O ex-prefeito de Curitiba Rafael Greca (MDB) desistiu da pré-candidatura ao governo do Paraná e aceitou disputar a eleição de outubro como candidato a vice na chapa de Sandro Alex (PSD), nome escolhido pelo governador Ratinho Júnior para tentar sucedê-lo. O anúncio foi feito em 31 de julho, em evento na capital paranaense com a presença do governador, e foi ratificado em 2 de agosto, na convenção estadual do MDB realizada no centro de Curitiba.
Os relatos convergem no essencial. Greca deixou o PSD em março, depois de perder espaço na disputa pela indicação ao governo, filiou-se ao MDB e passou a se apresentar como pré-candidato. A mudança de rota veio após reuniões com o governador, que formalizou o convite pessoalmente. No ato de anúncio, o ex-prefeito entregou a Sandro Alex o plano de governo que havia preparado para a própria candidatura e pediu que fosse incorporado à campanha. Com a adesão do MDB, o arco de apoios ao candidato do PSD passou a reunir também PP, União Brasil, PSDB, Cidadania e Republicanos, bloco que comanda a maioria das prefeituras do estado. A cobertura de centro registrou o roteiro do evento e da convenção, reproduziu os discursos de Greca, de Sandro Alex e do governador e lembrou que a pesquisa Genial/Quaest divulgada em 27 de julho colocava o senador Sérgio Moro (PL) e o deputado estadual Requião Filho (PDT) à frente nos cenários de primeiro turno.
As divergências aparecem no que cada lado escolheu enfatizar. Veículos de direita destacaram dois pontos ausentes do registro protocolar. O primeiro é a contradição pública: em entrevista de 23 de junho, Greca afirmou que ser vice de Sandro Alex seria uma negação de sua história e, no início de julho, escreveu nas redes sociais que não seria vice de ninguém. O segundo é o efeito colateral do acordo dentro da própria base. Segundo essa cobertura, a negociação incluiria a viabilização de uma candidatura do MDB ao Senado, o que teria surpreendido o presidente da Assembleia Legislativa, Alexandre Curi (Republicanos), que abriu mão de disputar o governo a pedido do governador e passou a trabalhar pela candidatura do PSD. Pessoas próximas ao deputado descreveram o movimento como quebra dos entendimentos construídos nos últimos meses, e o partido ficou de avaliar a permanência na aliança em sua convenção estadual. Parte da cobertura de direita também leu o arranjo pelo tabuleiro nacional, ressaltando o isolamento de Sérgio Moro, que perdeu o apoio da federação União Brasil-PP e migrou para o PL.

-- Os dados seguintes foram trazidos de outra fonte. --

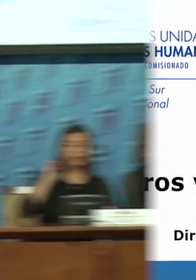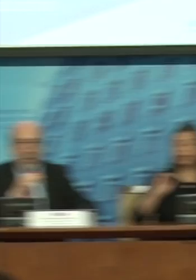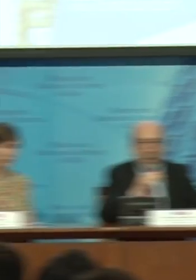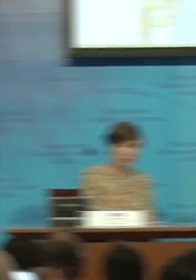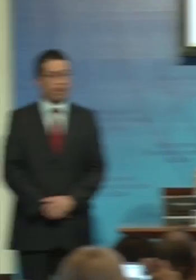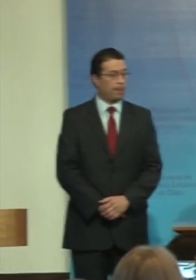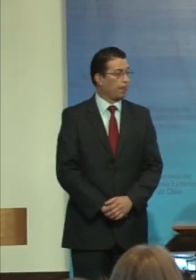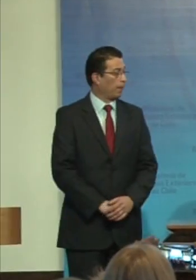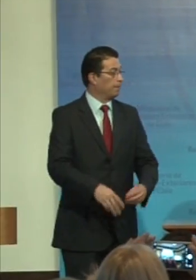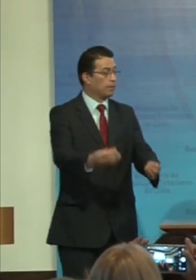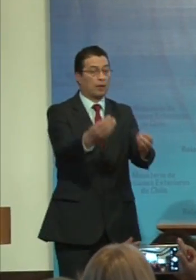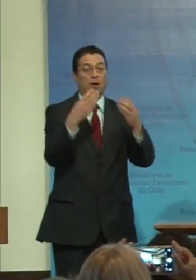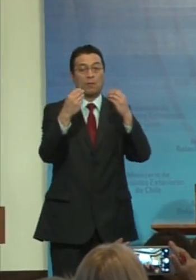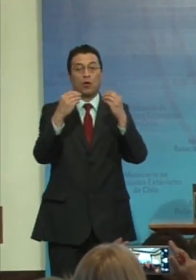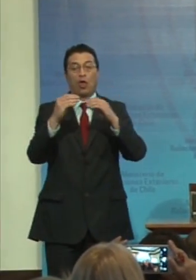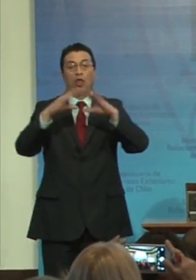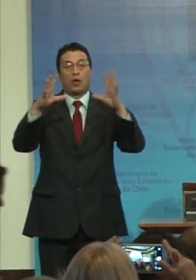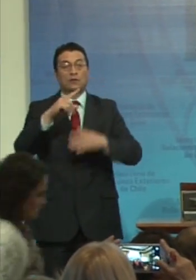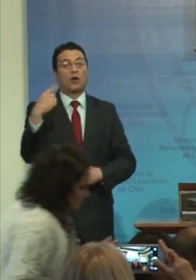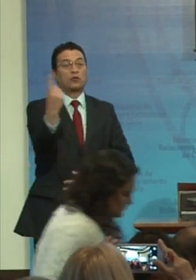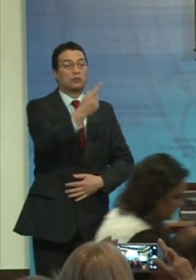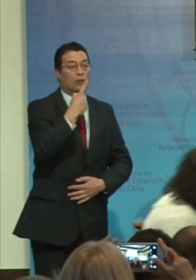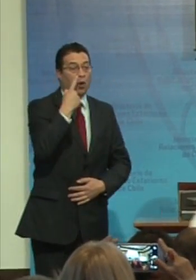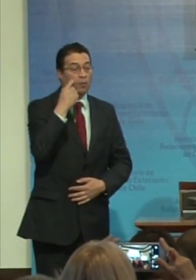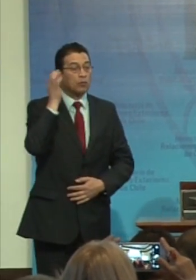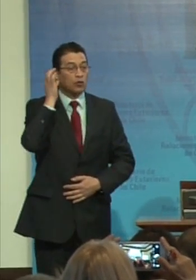Muy buenos días a todas y a todos.

Há um vazio relevante nessa cobertura: veículos de esquerda não trataram do episódio, o que deixou sem registro o ponto de vista do campo de oposição ao governo estadual, representado na disputa por nomes como Requião Filho. O leitor recebe, assim, a leitura do bloco governista e a de seus críticos à direita, sem contraponto do outro lado do espectro.
O que ainda não se sabe é considerável. As duas vagas ao Senado pelo grupo governista seguiam indefinidas, com os nomes de Alexandre Curi, da jornalista Cristina Graeml, do ex-secretário Guto Silva e do ex-governador Álvaro Dias em circulação. Não há resposta pública do PSD ou do MDB ao desconforto atribuído ao Republicanos, nem confirmação de que o partido mantém o apoio à chapa. Também não se sabe quanto do plano de governo entregue por Greca será de fato incorporado à campanha, nem se a soma das legendas altera o quadro de intenções de voto medido antes do acordo.